In the interest of full disclosure, local nursery growers and representatives of High Caliper Growing, who were interested in finding this research to compare their root control bags to standard plastic containers, contacted me. The project started by potting bare root shade trees (10 species) into plastic or fabric containers to evaluate shoot growth, root development, and water loss characteristics between the two container types. After one year of research, we bare rooted ½ of the trees in each container type and species to evaluate their root growth. We found that some trees had very odd growth or misshapen root systems, and this was most often caused when roots from the trees were touching the sidewalls of the containers at the time of potting. Container nurseries that grow shade tress most often use bareroot trees locally grown in Oregon. At potting, the bareroot tree is root pruned lightly and shoved into the container. There are sound arguments for light root pruning. A larger root system will be more stable in a recently potted container. Furthermore, larger root systems are presumed more vigorous than smaller root systems.

Experiment 2

In the first year of our research comparing fabric and plastic containers, we had no predisposition for pruning the roots in any particular way. On average, they were pruned so they fit comfortably in containers. As a result, some were touching the container wall at the time of potting and some were not. Roots that were touching the container wall at the time of potting developed new roots that grew back towards the container center. Misdirected roots could cause problems for trees establishing in the landscape. Some of the red oak trees developed heavy callus where roots were contacting the container wall. Because root pruning was not a treatment in this experiment, it was difficult to draw any substantive conclusions from our observations. So we made plans for the following year to follow up on these observations with a replicated experiment.

Tree missing fine roots

Typical of many bare-root shade tree liners, this red oak liner is sold with several primary roots and very few fine roots.

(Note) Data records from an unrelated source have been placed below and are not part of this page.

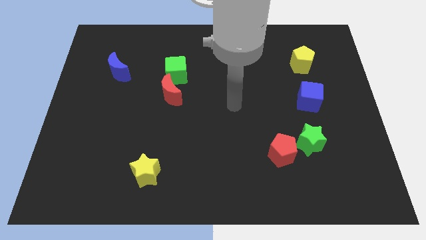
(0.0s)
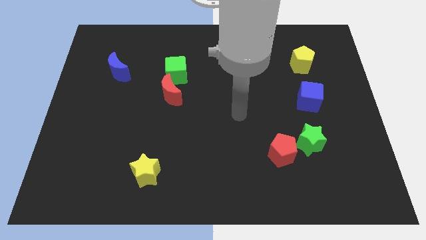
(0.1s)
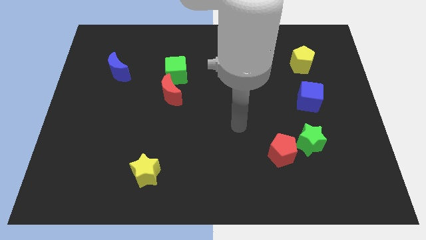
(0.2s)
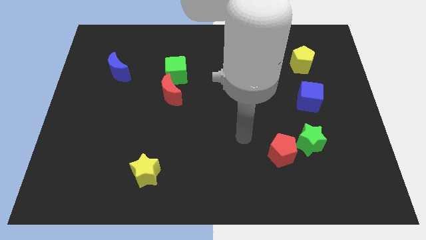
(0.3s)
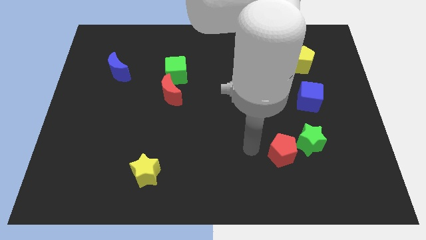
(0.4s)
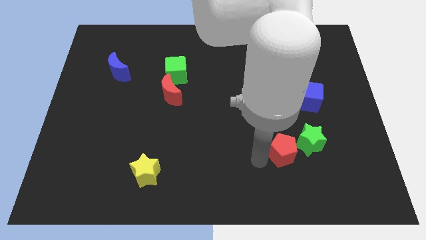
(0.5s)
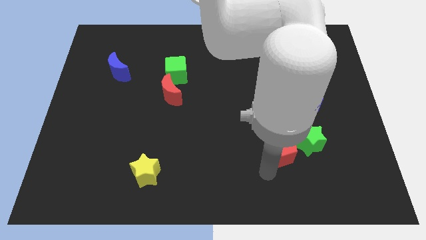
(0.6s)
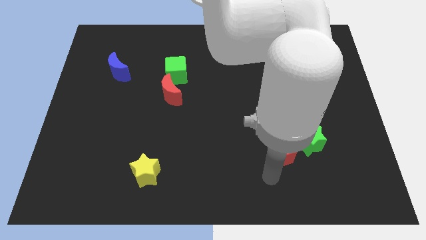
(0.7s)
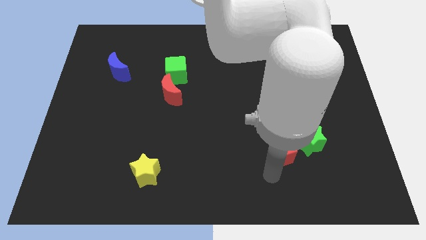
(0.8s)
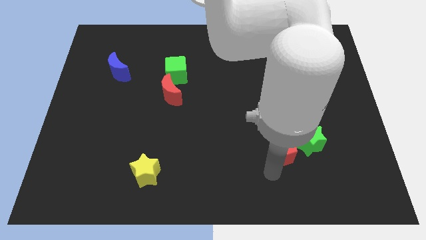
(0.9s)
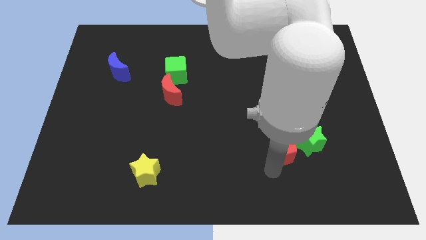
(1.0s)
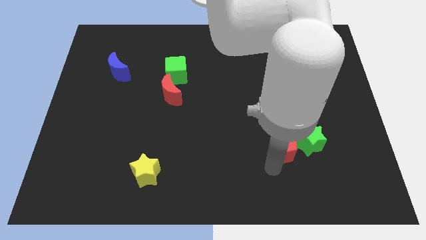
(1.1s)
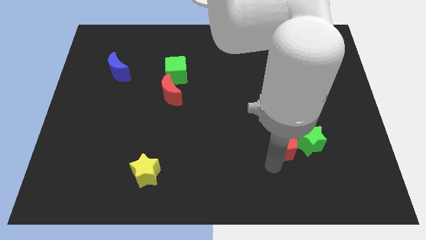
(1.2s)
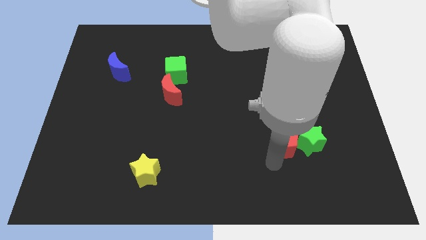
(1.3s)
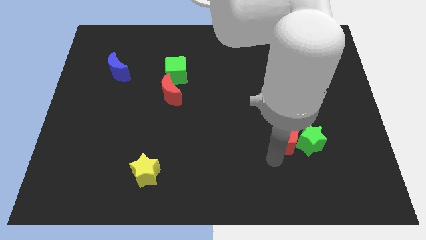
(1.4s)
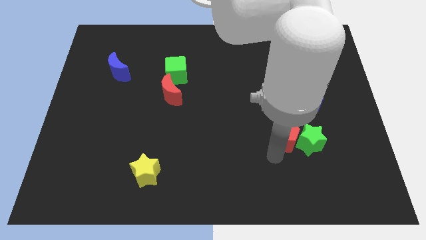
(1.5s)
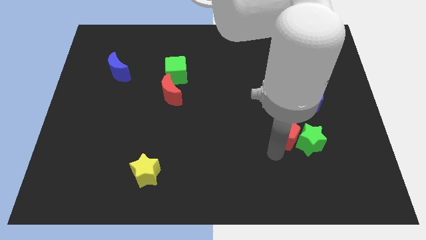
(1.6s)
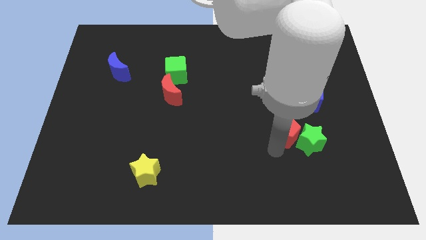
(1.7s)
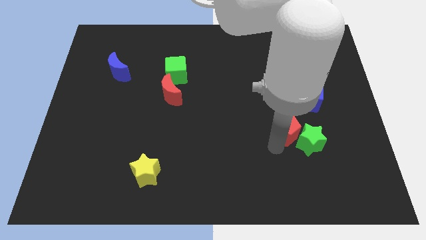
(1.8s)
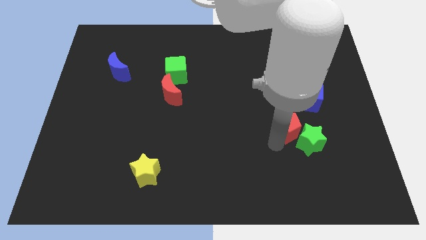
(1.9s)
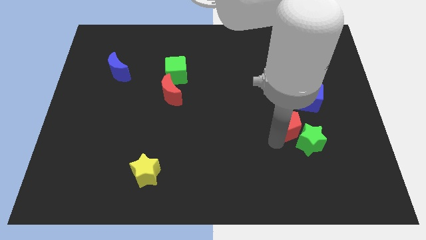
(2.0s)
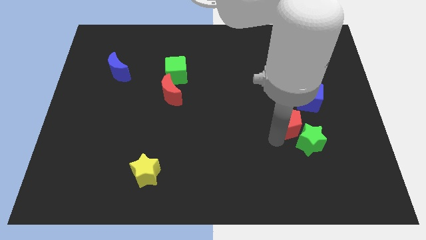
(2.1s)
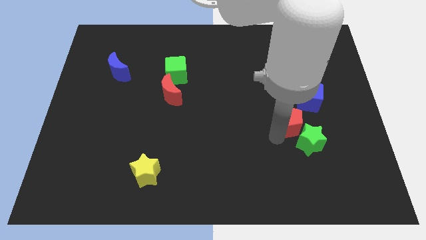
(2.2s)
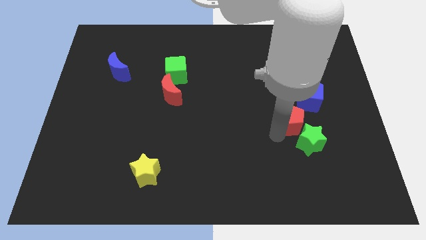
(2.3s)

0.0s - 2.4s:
slightly slide the red pentagon upwards and then to the right

This study was initiated to evaluate the effect of container type (fabric or plastic) and root pruning (light or severe) on subsequent root growth. In the light pruning treatment, roots were only pruned enough so that they could be potted with roots touching the container wall but not bending against it. In the in the severe pruning treatment, roots were pruned so that all root tips were at least 2 inches from the container wall. We evaluated container type and root pruning severity on ‘Franksred’ red maple (Acer rubrum), pin oak (Quercus palustris), and ‘Autumn Blaze’ ash (Fraxinus Americana). Bareroot whips with one-year-old tops were obtained from a local nursery and potted in 15-gallon containers and an equivalent size fabric container. Trees were potted in 65% Douglas fir bark, 15% peat, and 20% pumice.

New root growth

After digging, storing, and pruning, bareroot shade trees typically have several primary roots with relatively few fine roots. The primary roots are relatively thick, and would have been pruned either by the digging process or secondarily by the work crews that grade and bundle the trees. For the trees species used in this experiment, and most tree species to my knowledge, new roots emerge from primary roots at or near the pruned root tip. If trees were planted in an open field, roots would emerge from the pruned tips and grow out away from the tree. Across the three species tested in this experiment, roots in fabric containers had fewer circling roots compared to plastic containers. When roots were pruned so that they were not touching the fabric at potting, new roots emerged from the pruned primary root tips and grew to the container edge. At the container edge, these fine roots were pruned by the fabric material, and forced to branch into a very fibrous root system with little or no circling. When primary roots were touching the fabric container at potting, roots emerged and in many instances grew back in towards the tree trunk or container center. Some new roots emerged and immediately began circling. One of the primary benefits of fabric containers is that they typically provide a more branched and fibrous root system, with no circling, girdling, or misdirected roots. However when roots are pruned at potting such that they are touching the fabric containers, the ability of the fabric to function as such is severely compromised. Plastic containers responded similarly to fabric containers, in that circling and misdirected roots were more common when root system was pruned such that the root tips were touching the plastic at potting. All tree species tended to develop circling roots in plastic containers, regardless of root pruning treatment. However, the relative amount of circling roots was greater in containers in which roots were only lightly pruned. In general, root systems in fabric containers were superior to their plastic counterparts. This was seen primarily as a function of more fibrous root systems with far fewer circling or misdirected roots. Root pruning prior to potting had a profound effect on root growth in both container types.

Root growth comparison

Compare new root growth from primary roots that were touching the container wall at the potting (left) with those that were away from the container wall at potting (right).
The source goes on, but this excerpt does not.